**YOUR OBJECTIVE:**
Could you transcribe every record below exactly, leaving out any pictures?

**Data extracted from a collection:**
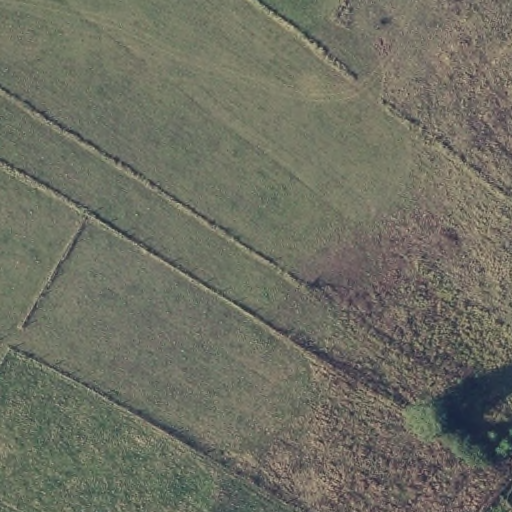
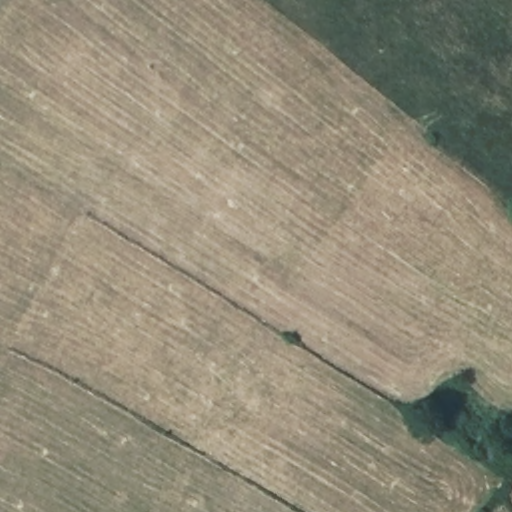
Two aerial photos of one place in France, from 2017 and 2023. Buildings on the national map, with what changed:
[]

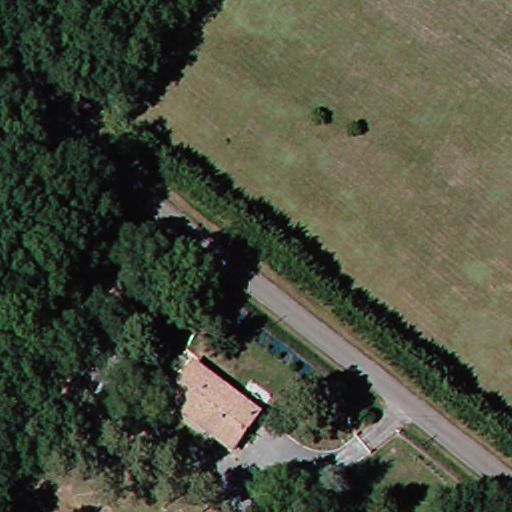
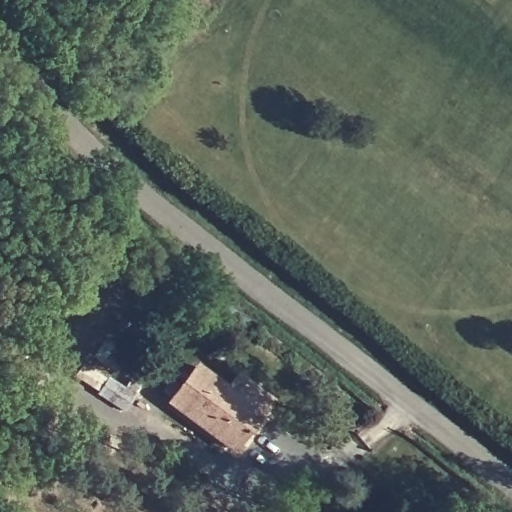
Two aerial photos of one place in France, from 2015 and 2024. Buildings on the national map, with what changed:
unchanged [(229,453),(165,403),(192,370),(255,420),(229,453)]

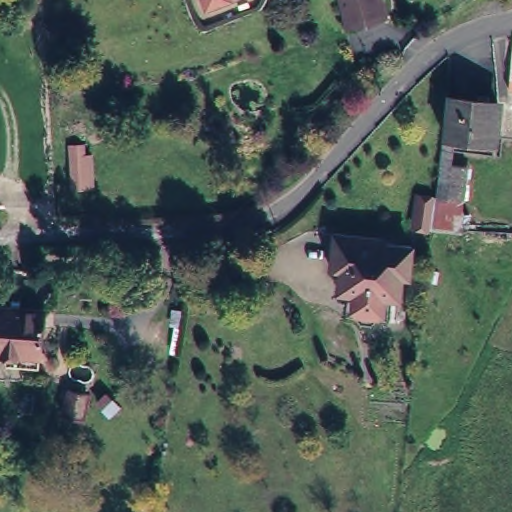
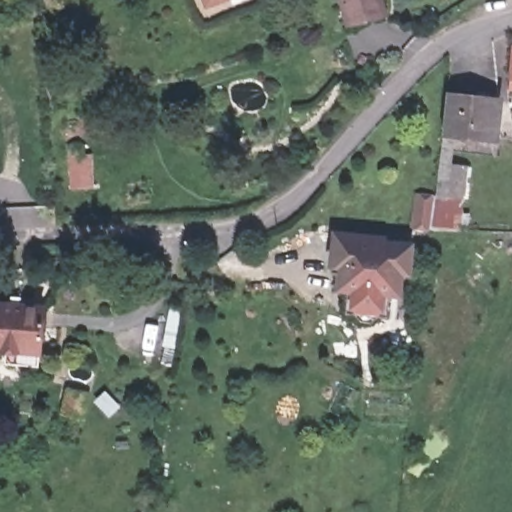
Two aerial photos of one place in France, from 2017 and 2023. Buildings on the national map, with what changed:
unchanged [(202,6),(200,0),(217,0),(202,6)]
unchanged [(391,14),(357,25),(349,0),(386,0),(391,14)]
unchanged [(512,89),(512,141),(458,136),(445,135),(433,134),(442,86),(512,89)]
unchanged [(453,163),(472,166),(472,198),(462,197),(462,211),(470,211),(471,232),(412,229),(416,189),(436,191),(445,135),(458,136),(453,163)]
unchanged [(85,153),(85,178),(70,179),(69,153),(85,153)]
unchanged [(420,236),(412,295),(393,291),(389,320),(351,315),(354,288),(327,284),(330,227),(420,236)]
unchanged [(0,342),(0,299),(53,303),(50,347),(0,342)]
unchanged [(85,395),(80,416),(63,412),(67,390),(85,395)]

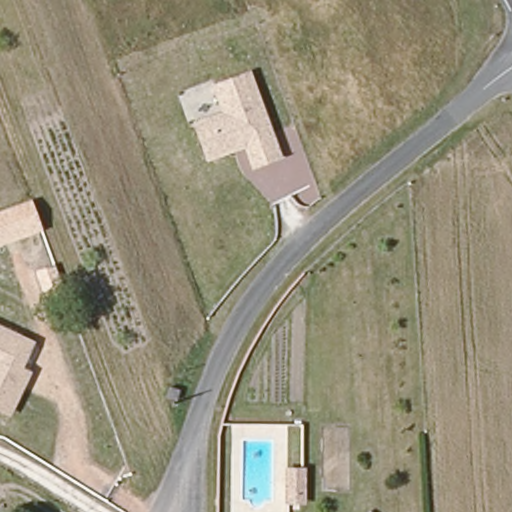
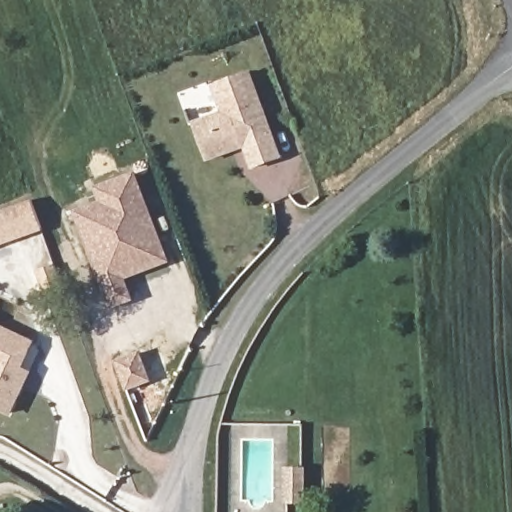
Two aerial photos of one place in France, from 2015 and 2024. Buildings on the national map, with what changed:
unchanged [(224,113),(215,85),(252,73),(281,158),(253,167),(246,146),(213,157),(208,159),(196,121),(199,120),(224,113)]
new [(156,258),(134,198),(74,220),(71,212),(98,203),(93,190),(131,176),(163,265),(120,281),(116,272),(156,258)]
new [(134,198),(156,258),(116,272),(120,281),(126,300),(106,308),(74,220),(134,198)]
new [(0,212),(31,201),(42,231),(0,247),(0,212)]
unchanged [(23,369),(31,373),(10,416),(0,411),(0,326),(35,342),(23,369)]
new [(134,356),(144,384),(121,392),(111,364),(134,356)]
unchanged [(306,466),(306,502),(284,503),(286,466),(306,466)]
demolished [(8,503),(0,507),(0,478),(1,477),(8,503)]

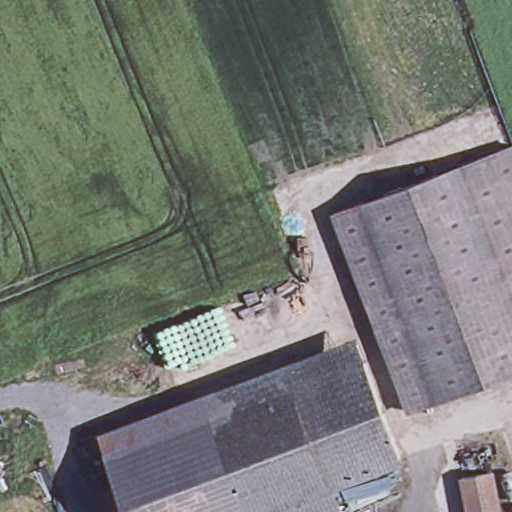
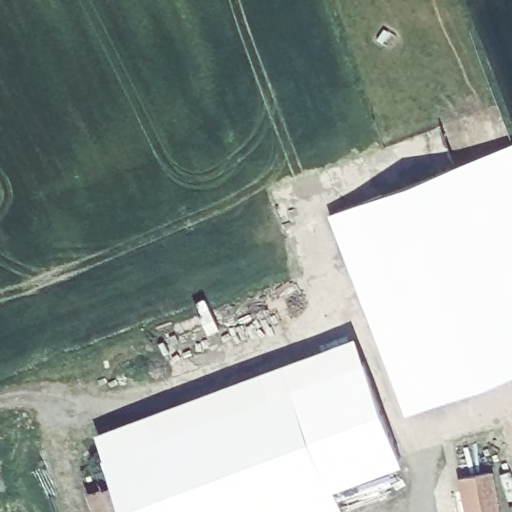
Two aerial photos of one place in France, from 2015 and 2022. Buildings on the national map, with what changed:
unchanged [(332,215),(512,146),(512,373),(407,414),(332,215)]
unchanged [(95,447),(358,342),(365,361),(102,465),(95,447)]
unchanged [(402,454),(248,512),(120,512),(105,471),(102,465),(365,361),(402,454)]
unchanged [(120,512),(97,512),(85,478),(105,471),(120,512)]
unchanged [(458,481),(495,477),(501,512),(463,512),(458,481)]

**RESPONSE TO THE EXERCISE:**
Two aerial photos of one place in France, from 2017 and 2023. Buildings on the national map, with what changed:
[]

Two aerial photos of one place in France, from 2015 and 2024. Buildings on the national map, with what changed:
unchanged [(229,453),(165,403),(192,370),(255,420),(229,453)]

Two aerial photos of one place in France, from 2017 and 2023. Buildings on the national map, with what changed:
unchanged [(202,6),(200,0),(217,0),(202,6)]
unchanged [(391,14),(357,25),(349,0),(386,0),(391,14)]
unchanged [(512,89),(512,141),(458,136),(445,135),(433,134),(442,86),(512,89)]
unchanged [(453,163),(472,166),(472,198),(462,197),(462,211),(470,211),(471,232),(412,229),(416,189),(436,191),(445,135),(458,136),(453,163)]
unchanged [(85,153),(85,178),(70,179),(69,153),(85,153)]
unchanged [(420,236),(412,295),(393,291),(389,320),(351,315),(354,288),(327,284),(330,227),(420,236)]
unchanged [(0,342),(0,299),(53,303),(50,347),(0,342)]
unchanged [(85,395),(80,416),(63,412),(67,390),(85,395)]

Two aerial photos of one place in France, from 2015 and 2024. Buildings on the national map, with what changed:
unchanged [(224,113),(215,85),(252,73),(281,158),(253,167),(246,146),(213,157),(208,159),(196,121),(199,120),(224,113)]
new [(156,258),(134,198),(74,220),(71,212),(98,203),(93,190),(131,176),(163,265),(120,281),(116,272),(156,258)]
new [(134,198),(156,258),(116,272),(120,281),(126,300),(106,308),(74,220),(134,198)]
new [(0,212),(31,201),(42,231),(0,247),(0,212)]
unchanged [(23,369),(31,373),(10,416),(0,411),(0,326),(35,342),(23,369)]
new [(134,356),(144,384),(121,392),(111,364),(134,356)]
unchanged [(306,466),(306,502),(284,503),(286,466),(306,466)]
demolished [(8,503),(0,507),(0,478),(1,477),(8,503)]

Two aerial photos of one place in France, from 2015 and 2022. Buildings on the national map, with what changed:
unchanged [(332,215),(512,146),(512,373),(407,414),(332,215)]
unchanged [(95,447),(358,342),(365,361),(102,465),(95,447)]
unchanged [(402,454),(248,512),(120,512),(105,471),(102,465),(365,361),(402,454)]
unchanged [(120,512),(97,512),(85,478),(105,471),(120,512)]
unchanged [(458,481),(495,477),(501,512),(463,512),(458,481)]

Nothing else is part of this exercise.